- [PROBLEM] Across the records below, count every line that contains the string "text", then report the count alone.

- [DATA SUPPLIED]
+++

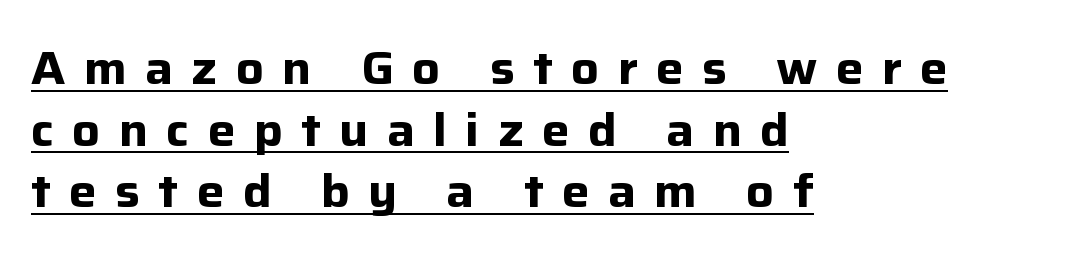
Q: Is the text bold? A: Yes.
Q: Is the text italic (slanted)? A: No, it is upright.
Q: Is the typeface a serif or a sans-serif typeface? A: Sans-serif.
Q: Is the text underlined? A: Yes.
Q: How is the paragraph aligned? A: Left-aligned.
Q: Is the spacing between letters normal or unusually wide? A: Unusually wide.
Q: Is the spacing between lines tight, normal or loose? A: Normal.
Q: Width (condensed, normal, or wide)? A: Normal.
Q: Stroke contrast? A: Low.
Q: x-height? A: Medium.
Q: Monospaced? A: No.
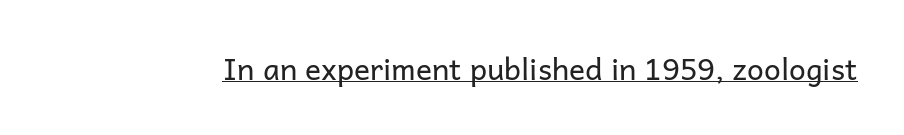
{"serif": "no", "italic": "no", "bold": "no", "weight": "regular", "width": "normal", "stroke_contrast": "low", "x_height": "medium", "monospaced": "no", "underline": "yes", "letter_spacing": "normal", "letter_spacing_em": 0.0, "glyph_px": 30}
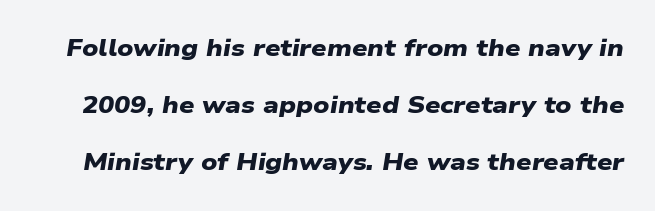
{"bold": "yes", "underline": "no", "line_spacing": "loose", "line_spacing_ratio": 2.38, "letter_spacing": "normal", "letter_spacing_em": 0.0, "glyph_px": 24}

+++

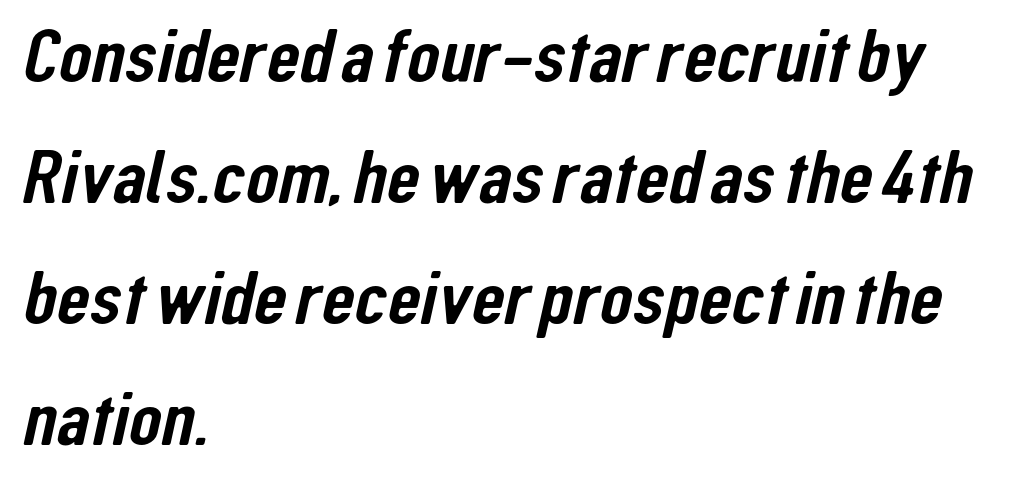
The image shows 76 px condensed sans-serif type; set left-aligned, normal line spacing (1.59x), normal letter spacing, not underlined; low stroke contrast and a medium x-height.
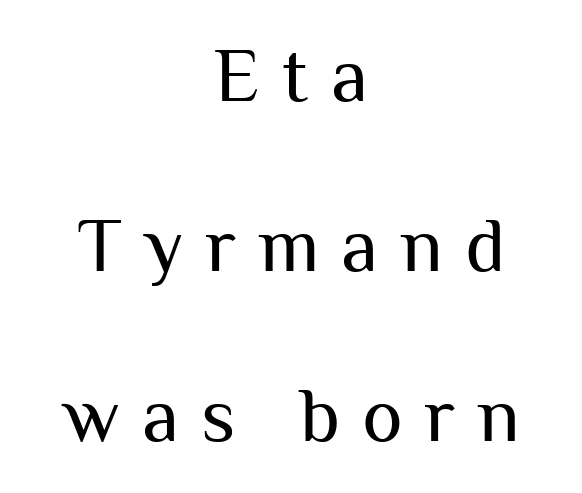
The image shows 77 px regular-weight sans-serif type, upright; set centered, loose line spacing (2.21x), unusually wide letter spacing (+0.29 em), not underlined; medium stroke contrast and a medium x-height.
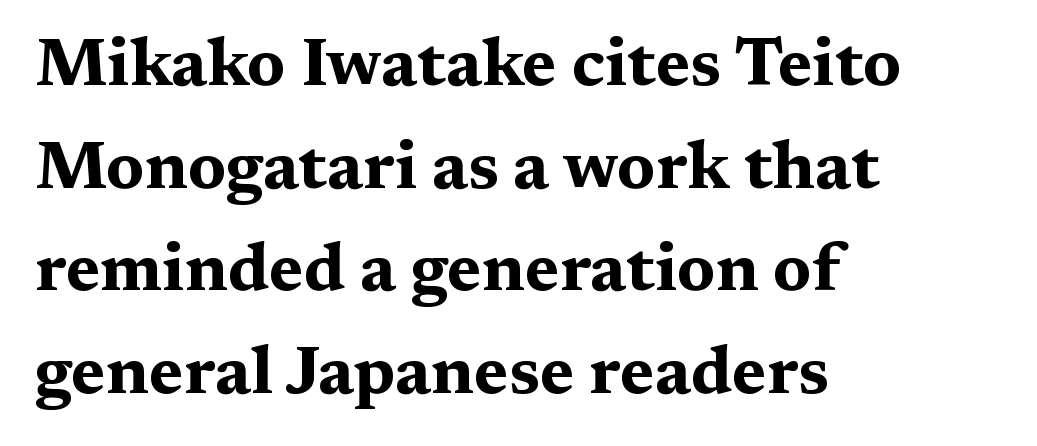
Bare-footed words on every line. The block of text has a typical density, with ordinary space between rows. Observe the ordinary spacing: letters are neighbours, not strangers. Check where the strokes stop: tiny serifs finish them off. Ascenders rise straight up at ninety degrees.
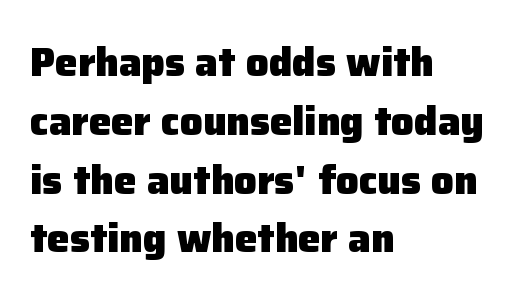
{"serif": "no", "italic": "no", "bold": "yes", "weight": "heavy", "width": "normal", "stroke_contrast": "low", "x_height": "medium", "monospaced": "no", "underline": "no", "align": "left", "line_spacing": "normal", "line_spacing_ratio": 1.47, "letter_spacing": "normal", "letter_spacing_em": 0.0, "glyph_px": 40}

+++

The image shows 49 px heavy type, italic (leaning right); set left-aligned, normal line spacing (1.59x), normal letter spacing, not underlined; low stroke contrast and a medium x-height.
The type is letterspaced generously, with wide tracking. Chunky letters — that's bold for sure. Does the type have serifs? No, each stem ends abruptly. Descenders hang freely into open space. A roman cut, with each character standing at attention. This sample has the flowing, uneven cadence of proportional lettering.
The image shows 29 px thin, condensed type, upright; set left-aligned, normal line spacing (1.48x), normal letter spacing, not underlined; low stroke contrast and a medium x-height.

+++

- [OUTPUT BELOW] 4